(SUPPLIED MATERIAL)

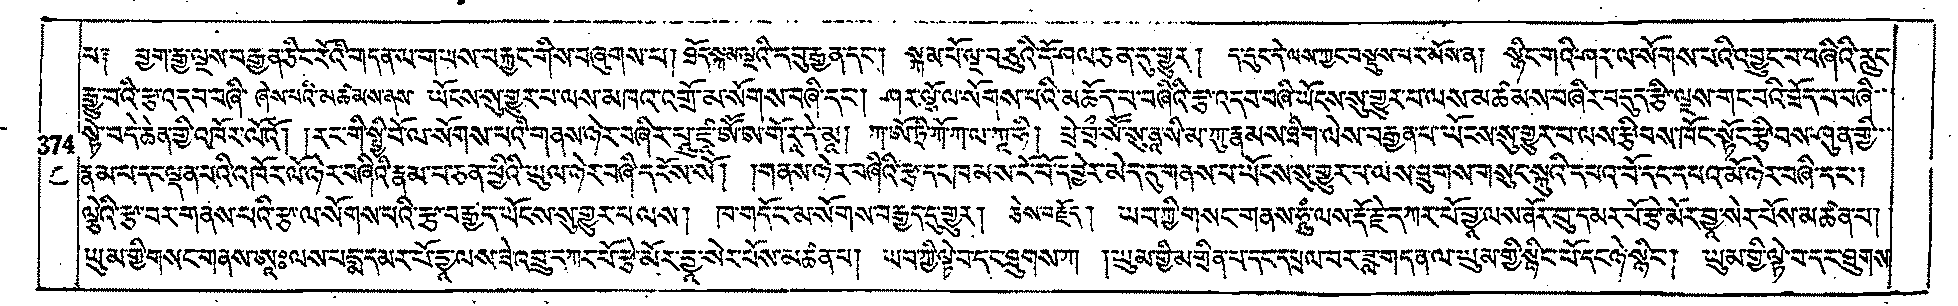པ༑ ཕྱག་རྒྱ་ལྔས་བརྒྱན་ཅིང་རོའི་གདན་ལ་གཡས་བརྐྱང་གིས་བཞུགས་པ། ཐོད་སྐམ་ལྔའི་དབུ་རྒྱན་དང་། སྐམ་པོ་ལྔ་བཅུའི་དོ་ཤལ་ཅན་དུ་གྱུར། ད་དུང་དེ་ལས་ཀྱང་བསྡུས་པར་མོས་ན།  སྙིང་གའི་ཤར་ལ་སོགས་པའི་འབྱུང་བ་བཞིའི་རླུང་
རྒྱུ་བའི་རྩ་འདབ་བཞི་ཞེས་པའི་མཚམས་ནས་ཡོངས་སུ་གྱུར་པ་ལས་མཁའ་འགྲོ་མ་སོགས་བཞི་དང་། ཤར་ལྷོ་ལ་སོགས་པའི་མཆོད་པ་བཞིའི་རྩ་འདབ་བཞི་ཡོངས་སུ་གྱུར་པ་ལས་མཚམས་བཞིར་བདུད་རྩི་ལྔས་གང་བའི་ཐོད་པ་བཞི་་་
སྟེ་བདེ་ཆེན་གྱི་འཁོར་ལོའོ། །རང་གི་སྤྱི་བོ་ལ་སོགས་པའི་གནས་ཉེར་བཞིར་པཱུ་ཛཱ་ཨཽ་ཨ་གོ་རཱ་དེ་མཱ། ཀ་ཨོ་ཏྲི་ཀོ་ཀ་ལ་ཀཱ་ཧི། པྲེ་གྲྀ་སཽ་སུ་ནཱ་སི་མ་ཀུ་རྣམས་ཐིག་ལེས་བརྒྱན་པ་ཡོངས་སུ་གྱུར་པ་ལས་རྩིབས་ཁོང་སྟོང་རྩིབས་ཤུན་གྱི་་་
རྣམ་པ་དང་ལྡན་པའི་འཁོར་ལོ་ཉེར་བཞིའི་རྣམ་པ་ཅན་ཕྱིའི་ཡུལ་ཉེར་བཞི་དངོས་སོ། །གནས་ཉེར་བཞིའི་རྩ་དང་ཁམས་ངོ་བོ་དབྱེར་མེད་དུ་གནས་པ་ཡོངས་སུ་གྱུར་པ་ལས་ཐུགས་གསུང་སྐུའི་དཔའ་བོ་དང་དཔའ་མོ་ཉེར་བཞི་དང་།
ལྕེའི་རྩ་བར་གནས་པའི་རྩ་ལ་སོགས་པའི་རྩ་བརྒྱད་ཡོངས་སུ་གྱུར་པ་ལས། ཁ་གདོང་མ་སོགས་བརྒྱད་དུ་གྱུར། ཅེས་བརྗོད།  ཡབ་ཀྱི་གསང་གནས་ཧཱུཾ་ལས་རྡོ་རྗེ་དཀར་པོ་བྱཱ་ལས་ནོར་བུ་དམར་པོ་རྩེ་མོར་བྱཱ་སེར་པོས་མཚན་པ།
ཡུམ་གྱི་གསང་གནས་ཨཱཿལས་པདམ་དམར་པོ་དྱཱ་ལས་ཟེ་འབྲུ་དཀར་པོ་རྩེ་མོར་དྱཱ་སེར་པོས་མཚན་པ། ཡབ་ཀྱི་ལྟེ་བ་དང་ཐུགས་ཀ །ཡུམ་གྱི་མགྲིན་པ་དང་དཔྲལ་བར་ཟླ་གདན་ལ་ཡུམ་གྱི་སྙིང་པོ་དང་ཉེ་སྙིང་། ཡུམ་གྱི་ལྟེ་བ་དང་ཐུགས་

(End SUPPLIED MATERIAL)

* **TO DO**: Your answer must be an exact repeat of all the records, minus the pictures.

* **EXERCISE RESULT**:
པ༑ ཕྱག་རྒྱ་ལྔས་བརྒྱན་ཅིང་རོའི་གདན་ལ་གཡས་བརྐྱང་གིས་བཞུགས་པ། ཐོད་སྐམ་ལྔའི་དབུ་རྒྱན་དང་། སྐམ་པོ་ལྔ་བཅུའི་དོ་ཤལ་ཅན་དུ་གྱུར། ད་དུང་དེ་ལས་ཀྱང་བསྡུས་པར་མོས་ན།  སྙིང་གའི་ཤར་ལ་སོགས་པའི་འབྱུང་བ་བཞིའི་རླུང་
རྒྱུ་བའི་རྩ་འདབ་བཞི་ཞེས་པའི་མཚམས་ནས་ཡོངས་སུ་གྱུར་པ་ལས་མཁའ་འགྲོ་མ་སོགས་བཞི་དང་། ཤར་ལྷོ་ལ་སོགས་པའི་མཆོད་པ་བཞིའི་རྩ་འདབ་བཞི་ཡོངས་སུ་གྱུར་པ་ལས་མཚམས་བཞིར་བདུད་རྩི་ལྔས་གང་བའི་ཐོད་པ་བཞི་་་
སྟེ་བདེ་ཆེན་གྱི་འཁོར་ལོའོ། །རང་གི་སྤྱི་བོ་ལ་སོགས་པའི་གནས་ཉེར་བཞིར་པཱུ་ཛཱ་ཨཽ་ཨ་གོ་རཱ་དེ་མཱ། ཀ་ཨོ་ཏྲི་ཀོ་ཀ་ལ་ཀཱ་ཧི། པྲེ་གྲྀ་སཽ་སུ་ནཱ་སི་མ་ཀུ་རྣམས་ཐིག་ལེས་བརྒྱན་པ་ཡོངས་སུ་གྱུར་པ་ལས་རྩིབས་ཁོང་སྟོང་རྩིབས་ཤུན་གྱི་་་
རྣམ་པ་དང་ལྡན་པའི་འཁོར་ལོ་ཉེར་བཞིའི་རྣམ་པ་ཅན་ཕྱིའི་ཡུལ་ཉེར་བཞི་དངོས་སོ། །གནས་ཉེར་བཞིའི་རྩ་དང་ཁམས་ངོ་བོ་དབྱེར་མེད་དུ་གནས་པ་ཡོངས་སུ་གྱུར་པ་ལས་ཐུགས་གསུང་སྐུའི་དཔའ་བོ་དང་དཔའ་མོ་ཉེར་བཞི་དང་།
ལྕེའི་རྩ་བར་གནས་པའི་རྩ་ལ་སོགས་པའི་རྩ་བརྒྱད་ཡོངས་སུ་གྱུར་པ་ལས། ཁ་གདོང་མ་སོགས་བརྒྱད་དུ་གྱུར། ཅེས་བརྗོད།  ཡབ་ཀྱི་གསང་གནས་ཧཱུཾ་ལས་རྡོ་རྗེ་དཀར་པོ་བྱཱ་ལས་ནོར་བུ་དམར་པོ་རྩེ་མོར་བྱཱ་སེར་པོས་མཚན་པ།
ཡུམ་གྱི་གསང་གནས་ཨཱཿལས་པདམ་དམར་པོ་དྱཱ་ལས་ཟེ་འབྲུ་དཀར་པོ་རྩེ་མོར་དྱཱ་སེར་པོས་མཚན་པ། ཡབ་ཀྱི་ལྟེ་བ་དང་ཐུགས་ཀ །ཡུམ་གྱི་མགྲིན་པ་དང་དཔྲལ་བར་ཟླ་གདན་ལ་ཡུམ་གྱི་སྙིང་པོ་དང་ཉེ་སྙིང་། ཡུམ་གྱི་ལྟེ་བ་དང་ཐུགས་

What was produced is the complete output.